** Exercise **
Write out the lines of the material below exactly, beginning at the line with "Road width (m): 10" and stopping after the line with "value: $90.10", and leave out the pictures.

** Records shown **
○ ○ ○ ○
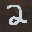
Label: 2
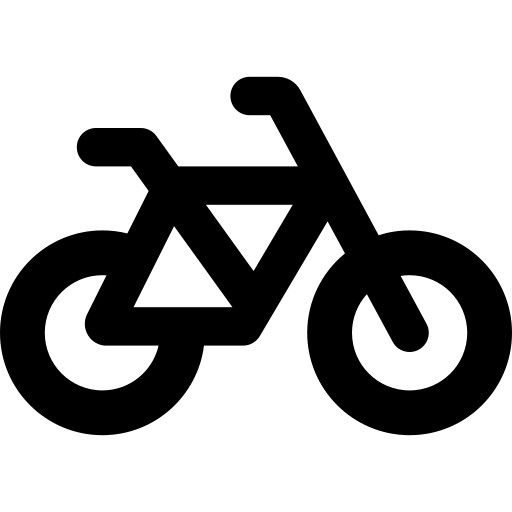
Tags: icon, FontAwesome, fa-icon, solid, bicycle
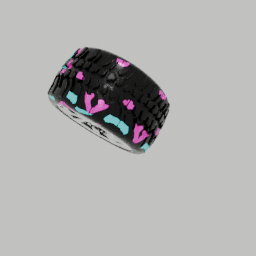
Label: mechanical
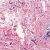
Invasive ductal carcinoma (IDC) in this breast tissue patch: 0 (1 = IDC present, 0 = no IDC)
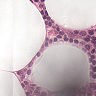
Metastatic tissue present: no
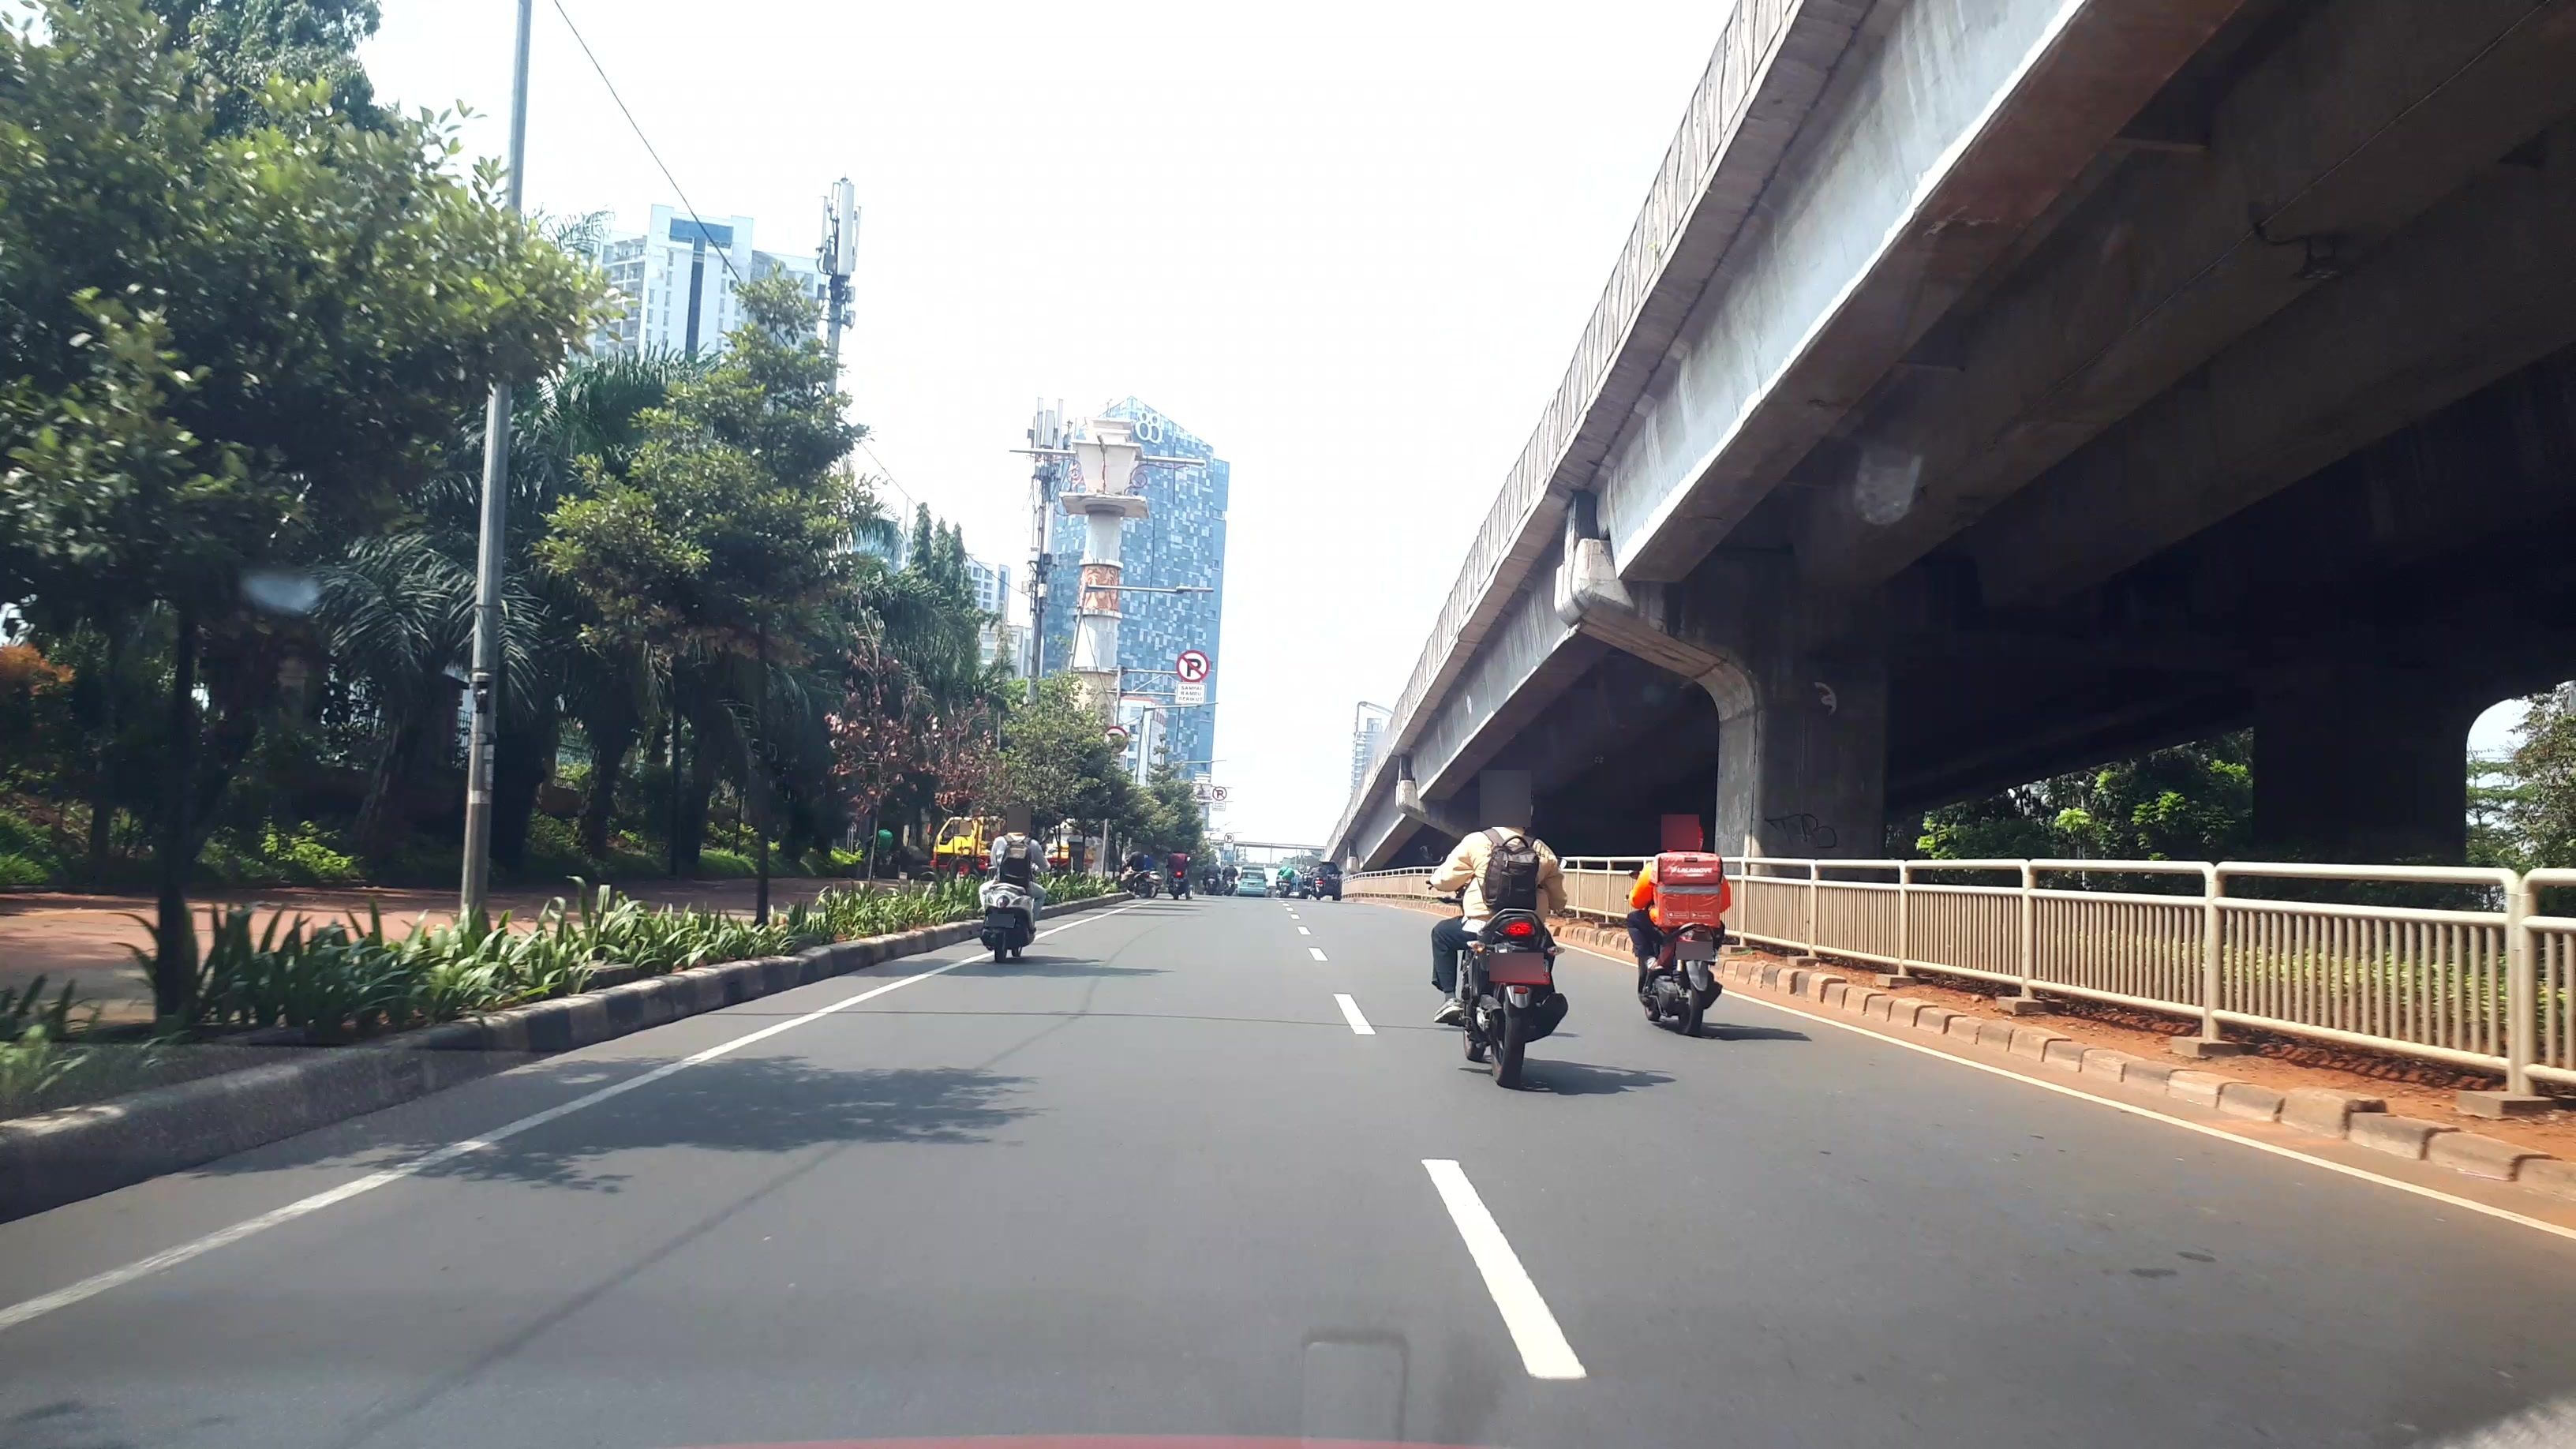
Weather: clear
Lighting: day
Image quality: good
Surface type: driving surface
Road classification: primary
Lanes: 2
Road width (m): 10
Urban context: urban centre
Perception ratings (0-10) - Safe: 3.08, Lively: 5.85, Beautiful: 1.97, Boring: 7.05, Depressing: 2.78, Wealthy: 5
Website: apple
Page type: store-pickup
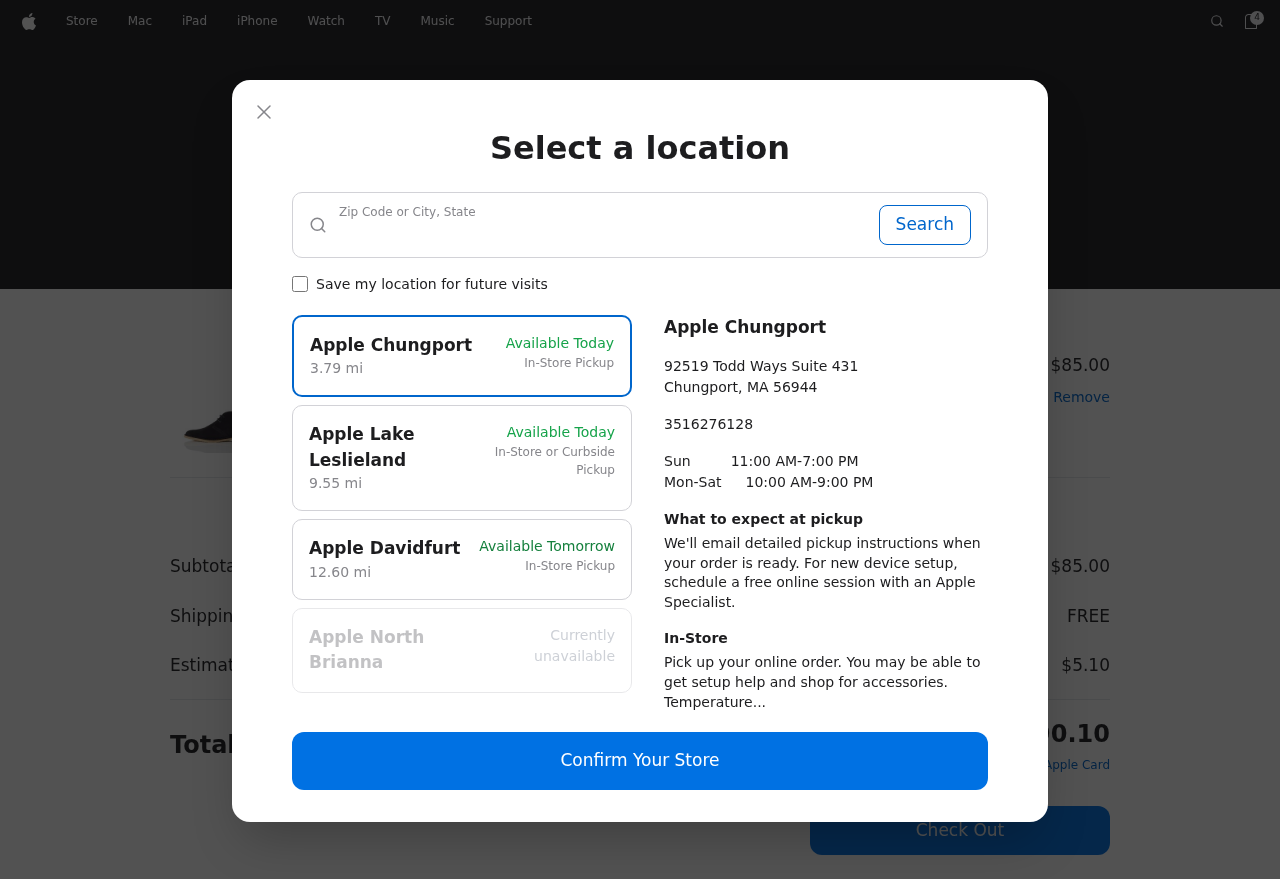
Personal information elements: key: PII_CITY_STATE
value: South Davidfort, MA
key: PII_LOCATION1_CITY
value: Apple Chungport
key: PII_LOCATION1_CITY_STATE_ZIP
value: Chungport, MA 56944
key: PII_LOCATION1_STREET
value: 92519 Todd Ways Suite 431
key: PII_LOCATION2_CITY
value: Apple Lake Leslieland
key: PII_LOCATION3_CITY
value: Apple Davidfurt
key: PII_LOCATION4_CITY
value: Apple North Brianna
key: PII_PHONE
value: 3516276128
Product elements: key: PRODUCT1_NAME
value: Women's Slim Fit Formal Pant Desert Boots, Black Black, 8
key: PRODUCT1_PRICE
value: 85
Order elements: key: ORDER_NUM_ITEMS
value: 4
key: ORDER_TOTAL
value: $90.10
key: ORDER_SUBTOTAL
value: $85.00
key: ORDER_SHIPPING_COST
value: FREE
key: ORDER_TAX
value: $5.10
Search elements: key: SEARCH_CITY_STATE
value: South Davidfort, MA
○ ○ ○ ○
** The completed task **
Road width (m): 10
Urban context: urban centre
Perception ratings (0-10) - Safe: 3.08, Lively: 5.85, Beautiful: 1.97, Boring: 7.05, Depressing: 2.78, Wealthy: 5
Website: apple
Page type: store-pickup
Personal information elements: key: PII_CITY_STATE
value: South Davidfort, MA
key: PII_LOCATION1_CITY
value: Apple Chungport
key: PII_LOCATION1_CITY_STATE_ZIP
value: Chungport, MA 56944
key: PII_LOCATION1_STREET
value: 92519 Todd Ways Suite 431
key: PII_LOCATION2_CITY
value: Apple Lake Leslieland
key: PII_LOCATION3_CITY
value: Apple Davidfurt
key: PII_LOCATION4_CITY
value: Apple North Brianna
key: PII_PHONE
value: 3516276128
Product elements: key: PRODUCT1_NAME
value: Women's Slim Fit Formal Pant Desert Boots, Black Black, 8
key: PRODUCT1_PRICE
value: 85
Order elements: key: ORDER_NUM_ITEMS
value: 4
key: ORDER_TOTAL
value: $90.10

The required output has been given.